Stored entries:
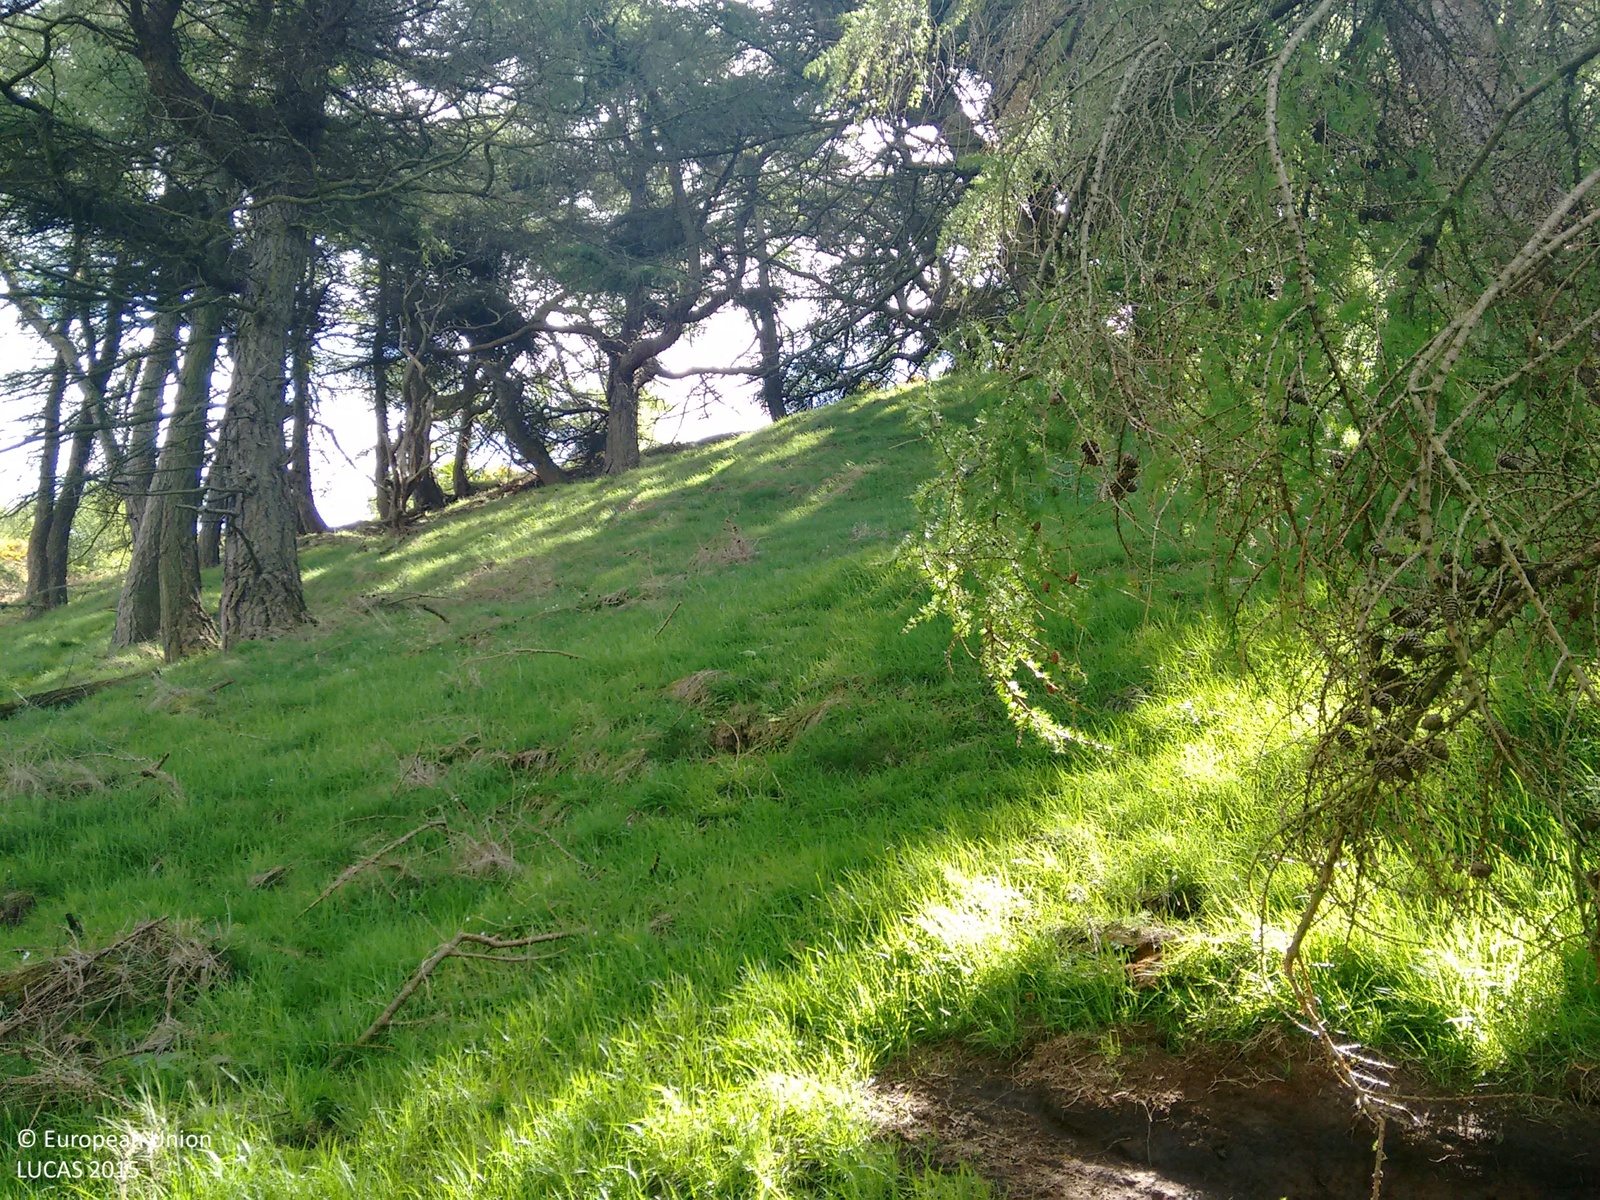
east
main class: Woodland
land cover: Pine dominated coniferous woodland
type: exotic forest
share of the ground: > 75 %
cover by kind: coniferous forest trees 100 %
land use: Semi-natural and natural areas not in use
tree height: > 5 m
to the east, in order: Pine dominated coniferous woodland; Grass margins; Tracks; Grass margins; Dry stone walls; Fences; Grassland without tree/shrub cover; Fences; Dry stone walls; Grassland without tree/shrub cover
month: May
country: GB
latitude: 54.0799
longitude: -2.6777

Problem details:
In the records above, find the line containing "main class: Woodland"; please retype it and every line after it through the last line, exactly and with nothing else.

Completed exercise:
main class: Woodland
land cover: Pine dominated coniferous woodland
type: exotic forest
share of the ground: > 75 %
cover by kind: coniferous forest trees 100 %
land use: Semi-natural and natural areas not in use
tree height: > 5 m
to the east, in order: Pine dominated coniferous woodland; Grass margins; Tracks; Grass margins; Dry stone walls; Fences; Grassland without tree/shrub cover; Fences; Dry stone walls; Grassland without tree/shrub cover
month: May
country: GB
latitude: 54.0799
longitude: -2.6777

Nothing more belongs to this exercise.